Below are records to repeat exactly. Omit the pictures from the copy.

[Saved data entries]

◇ ◇ ◇ ◇ ◇ ◇ ◇

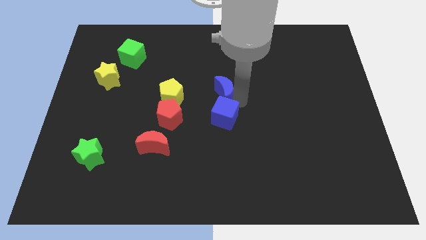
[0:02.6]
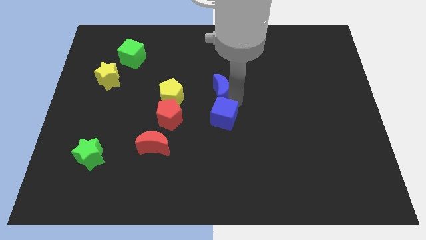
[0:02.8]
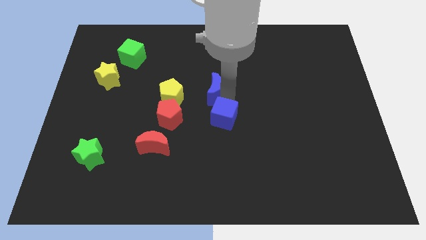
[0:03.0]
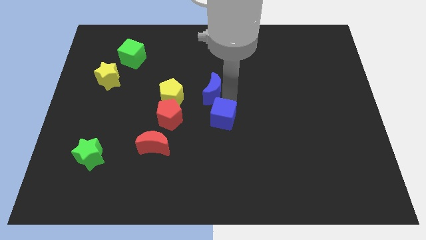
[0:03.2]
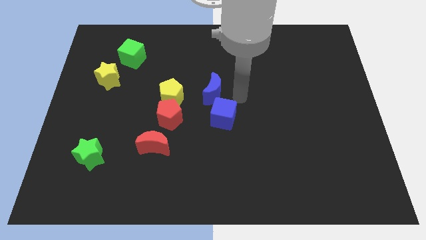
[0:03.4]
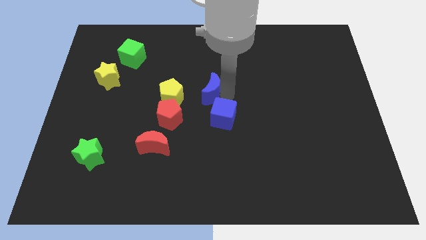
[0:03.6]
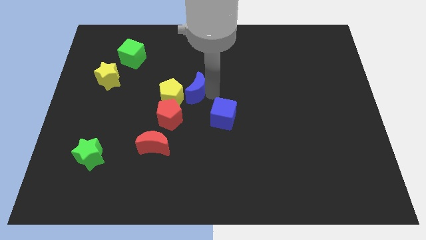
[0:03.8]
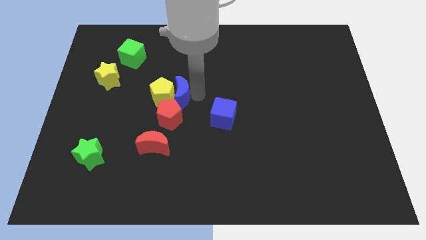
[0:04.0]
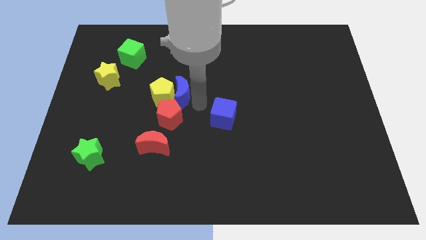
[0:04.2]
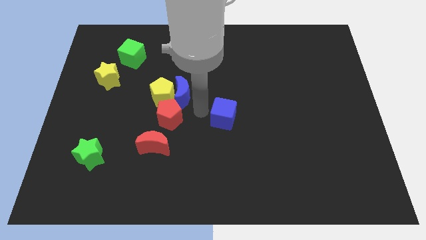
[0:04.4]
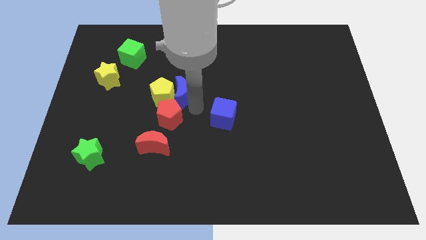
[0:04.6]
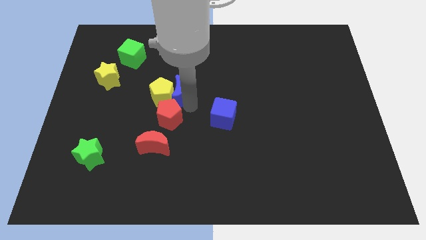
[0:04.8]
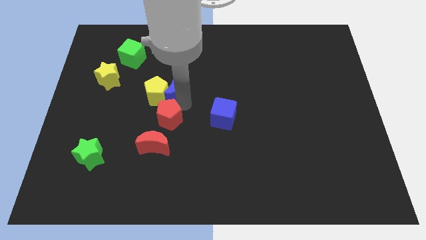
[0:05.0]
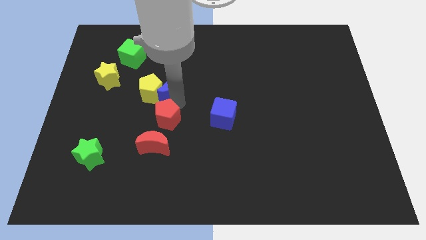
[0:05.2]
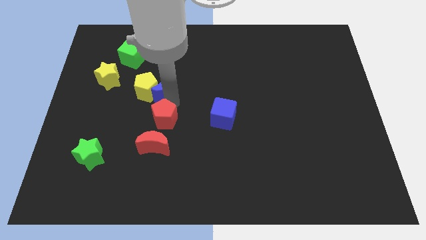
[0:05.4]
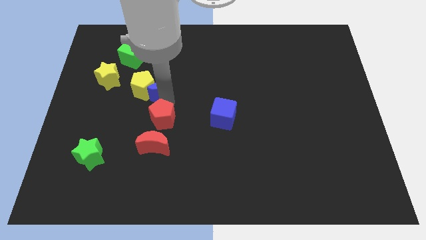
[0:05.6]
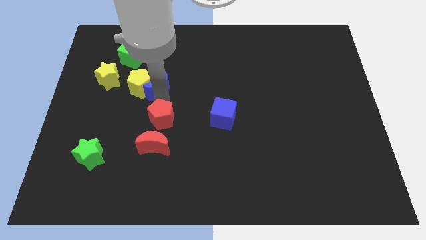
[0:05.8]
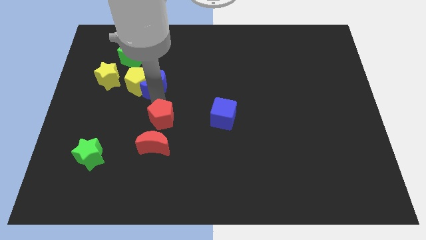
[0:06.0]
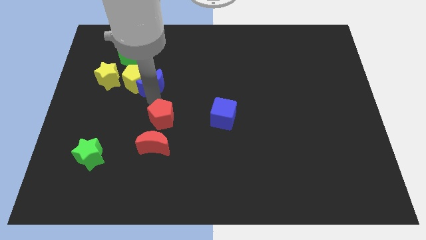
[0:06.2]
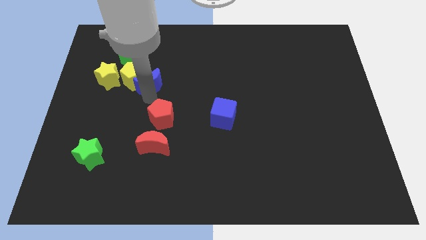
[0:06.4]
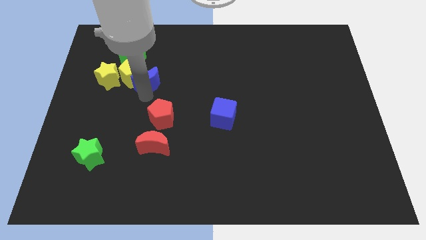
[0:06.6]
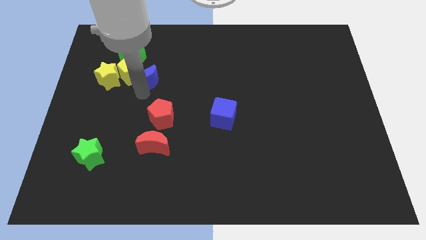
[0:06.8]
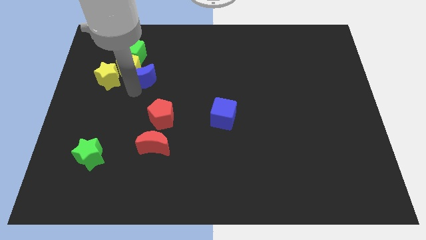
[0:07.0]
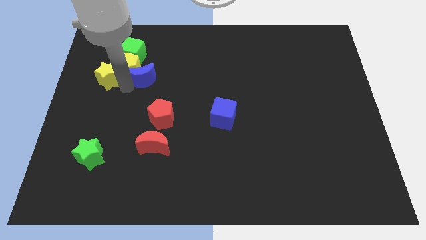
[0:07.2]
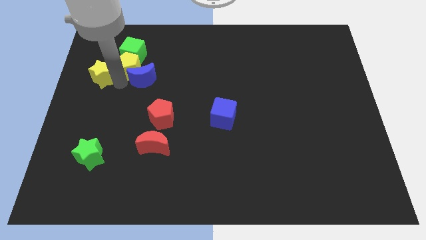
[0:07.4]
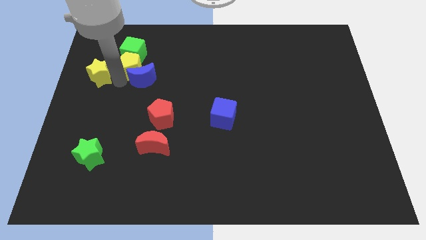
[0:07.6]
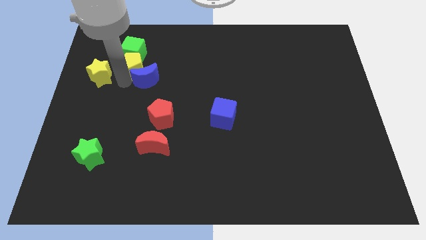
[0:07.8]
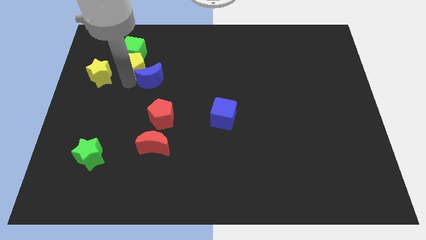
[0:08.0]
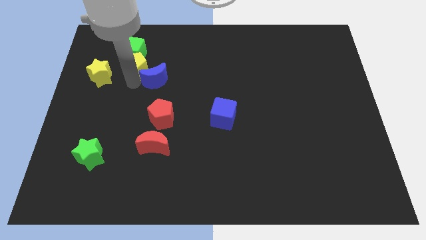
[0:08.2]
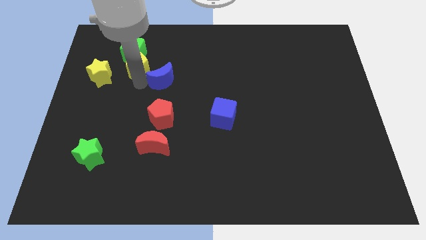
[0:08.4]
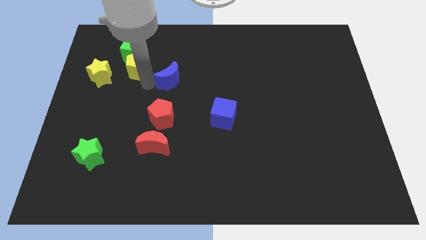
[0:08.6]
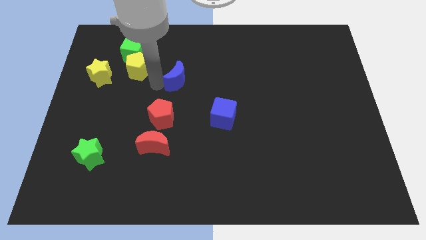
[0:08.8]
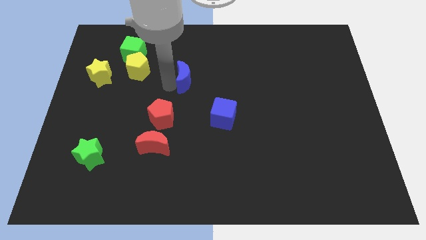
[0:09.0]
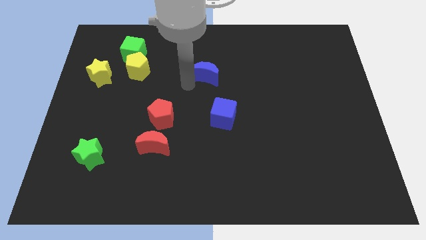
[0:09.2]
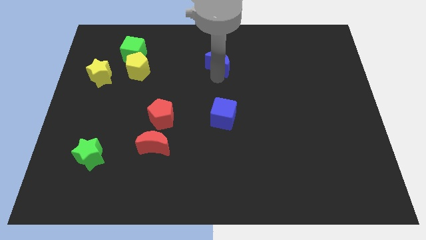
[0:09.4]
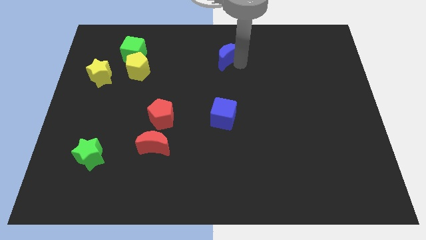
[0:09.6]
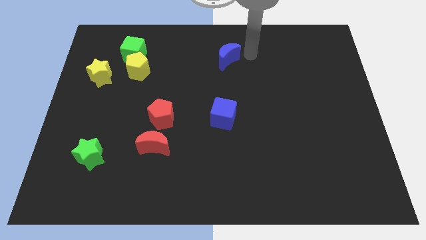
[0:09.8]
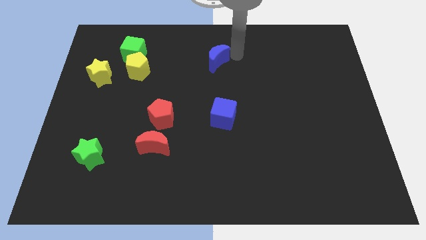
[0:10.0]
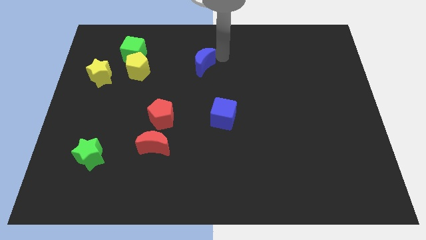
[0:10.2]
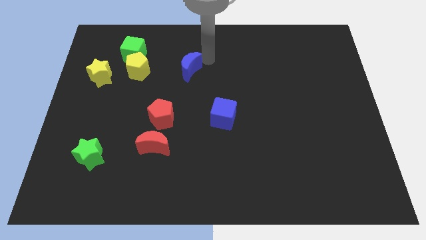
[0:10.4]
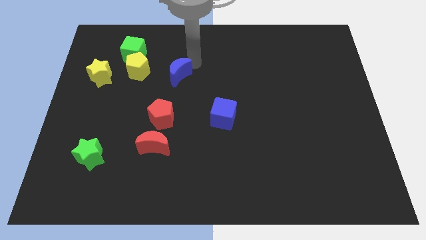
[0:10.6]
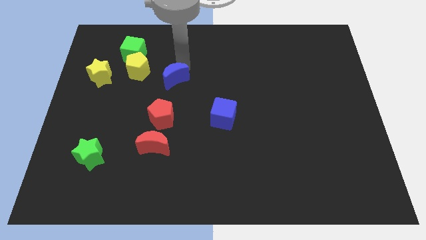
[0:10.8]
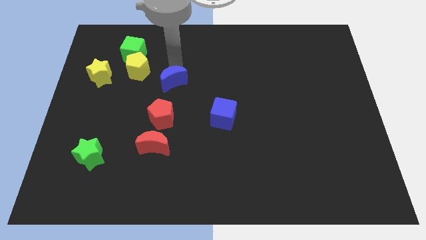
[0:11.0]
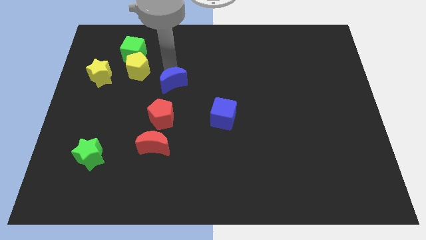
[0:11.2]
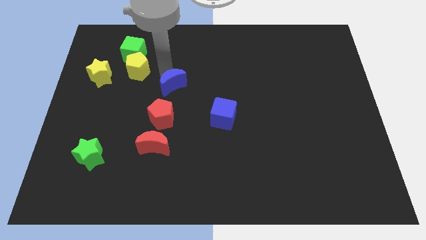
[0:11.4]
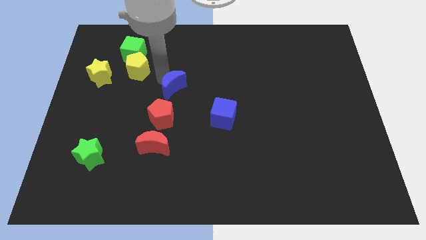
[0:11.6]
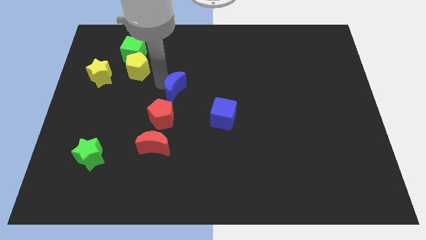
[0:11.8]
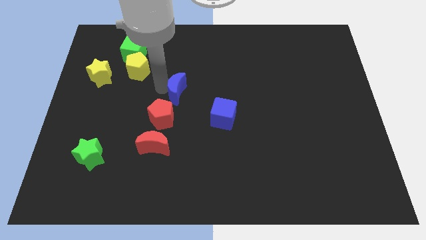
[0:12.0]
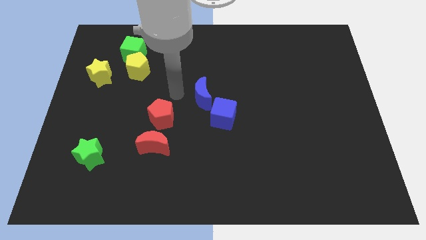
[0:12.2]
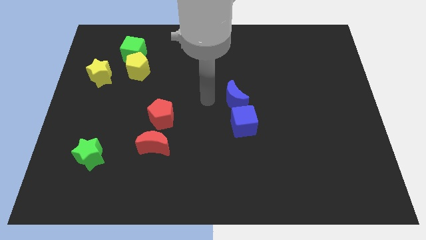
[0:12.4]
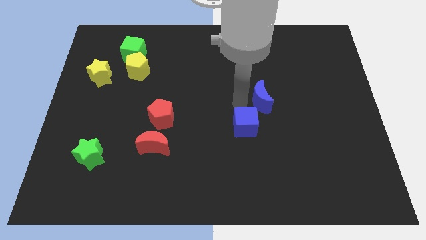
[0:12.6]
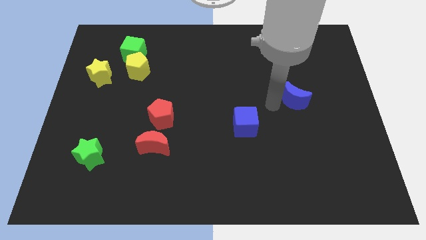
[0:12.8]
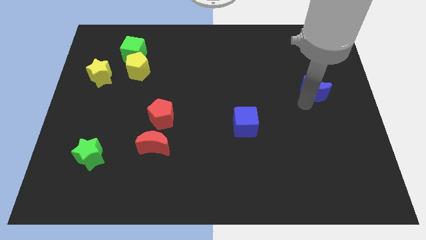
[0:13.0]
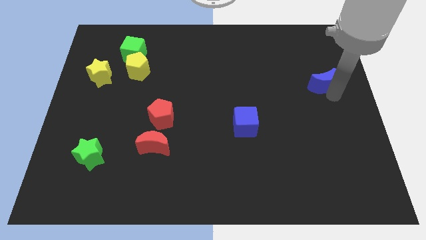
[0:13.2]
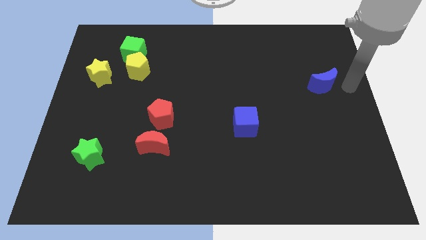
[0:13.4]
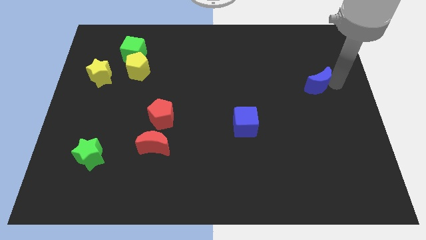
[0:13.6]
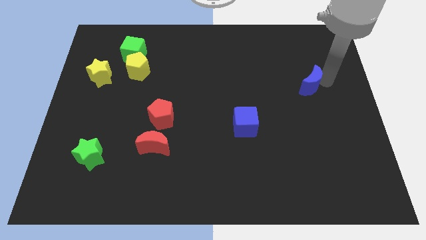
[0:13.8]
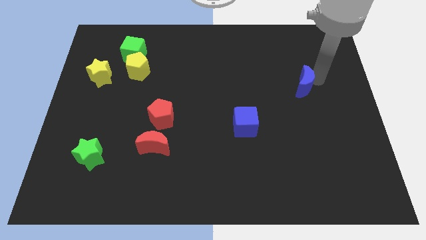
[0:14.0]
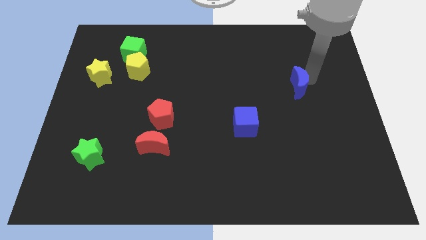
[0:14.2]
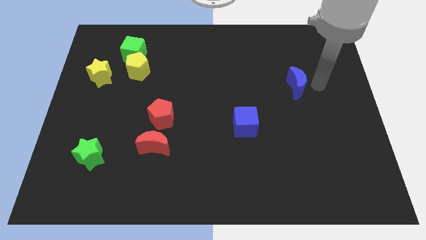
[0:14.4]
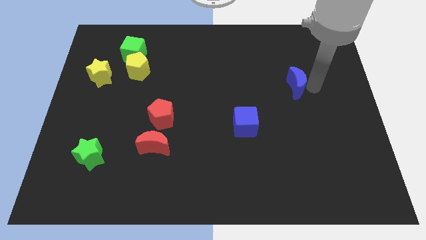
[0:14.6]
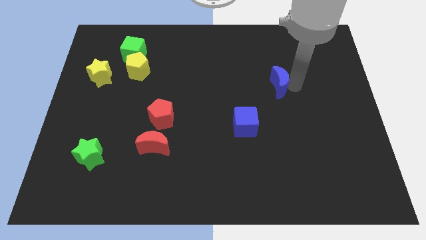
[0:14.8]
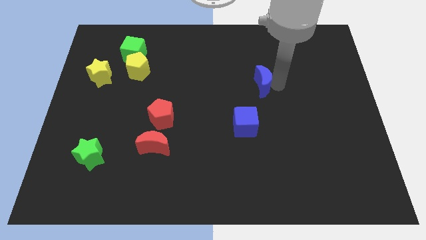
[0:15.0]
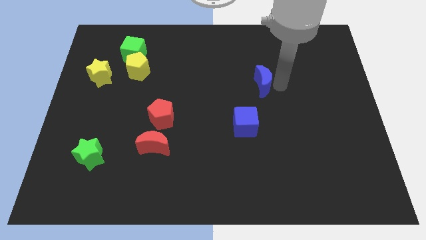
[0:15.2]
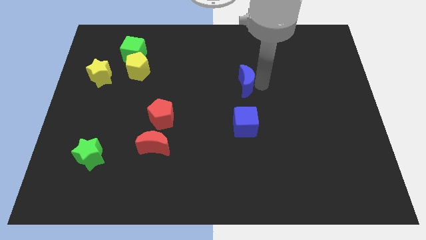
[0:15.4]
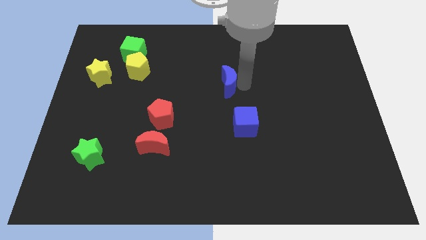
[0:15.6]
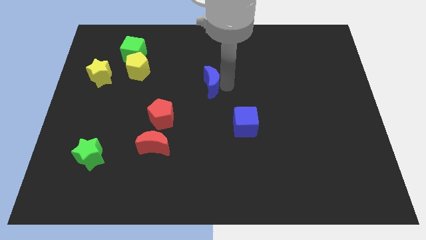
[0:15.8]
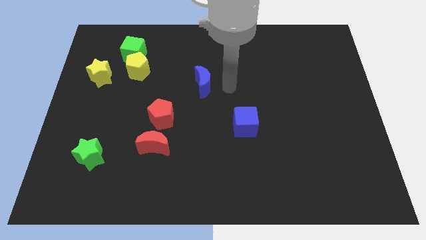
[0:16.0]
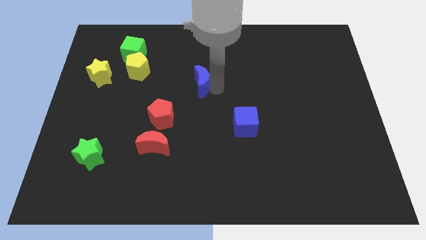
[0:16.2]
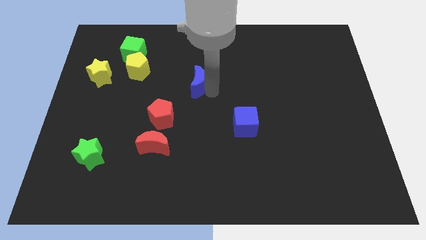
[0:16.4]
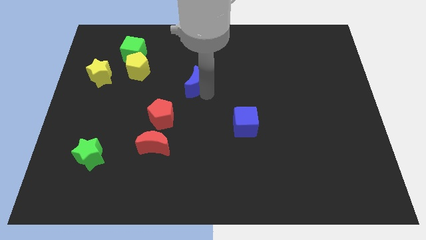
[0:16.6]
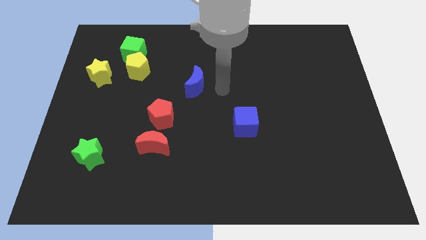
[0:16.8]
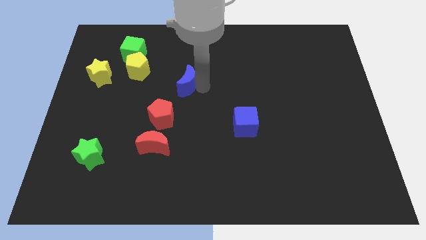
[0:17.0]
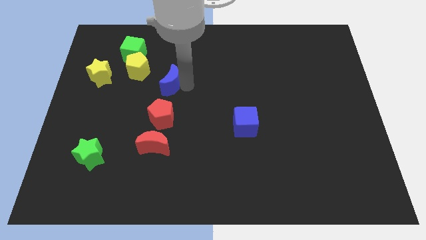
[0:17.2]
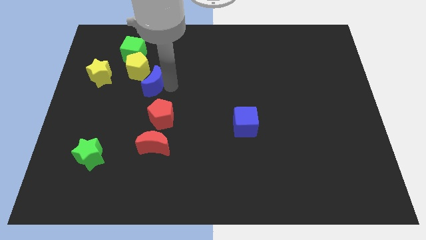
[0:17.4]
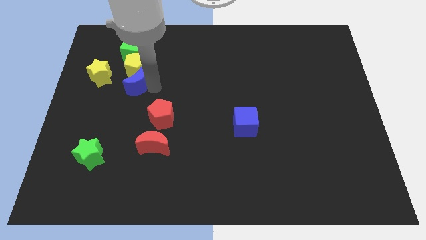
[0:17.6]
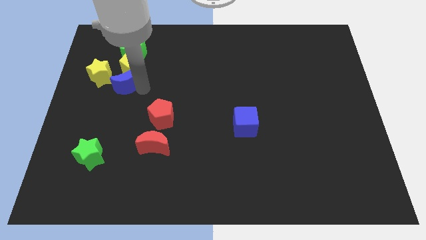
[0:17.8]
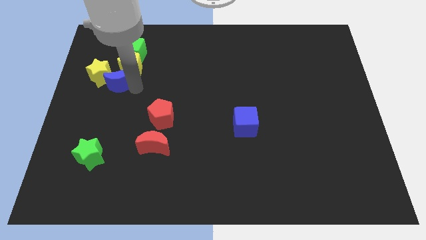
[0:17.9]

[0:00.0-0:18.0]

◇ ◇ ◇ ◇ ◇ ◇ ◇

Output for this exercise:
[0:02.6]
[0:02.8]
[0:03.0]
[0:03.2]
[0:03.4]
[0:03.6]
[0:03.8]
[0:04.0]
[0:04.2]
[0:04.4]
[0:04.6]
[0:04.8]
[0:05.0]
[0:05.2]
[0:05.4]
[0:05.6]
[0:05.8]
[0:06.0]
[0:06.2]
[0:06.4]
[0:06.6]
[0:06.8]
[0:07.0]
[0:07.2]
[0:07.4]
[0:07.6]
[0:07.8]
[0:08.0]
[0:08.2]
[0:08.4]
[0:08.6]
[0:08.8]
[0:09.0]
[0:09.2]
[0:09.4]
[0:09.6]
[0:09.8]
[0:10.0]
[0:10.2]
[0:10.4]
[0:10.6]
[0:10.8]
[0:11.0]
[0:11.2]
[0:11.4]
[0:11.6]
[0:11.8]
[0:12.0]
[0:12.2]
[0:12.4]
[0:12.6]
[0:12.8]
[0:13.0]
[0:13.2]
[0:13.4]
[0:13.6]
[0:13.8]
[0:14.0]
[0:14.2]
[0:14.4]
[0:14.6]
[0:14.8]
[0:15.0]
[0:15.2]
[0:15.4]
[0:15.6]
[0:15.8]
[0:16.0]
[0:16.2]
[0:16.4]
[0:16.6]
[0:16.8]
[0:17.0]
[0:17.2]
[0:17.4]
[0:17.6]
[0:17.8]
[0:17.9]

[0:00.0-0:18.0]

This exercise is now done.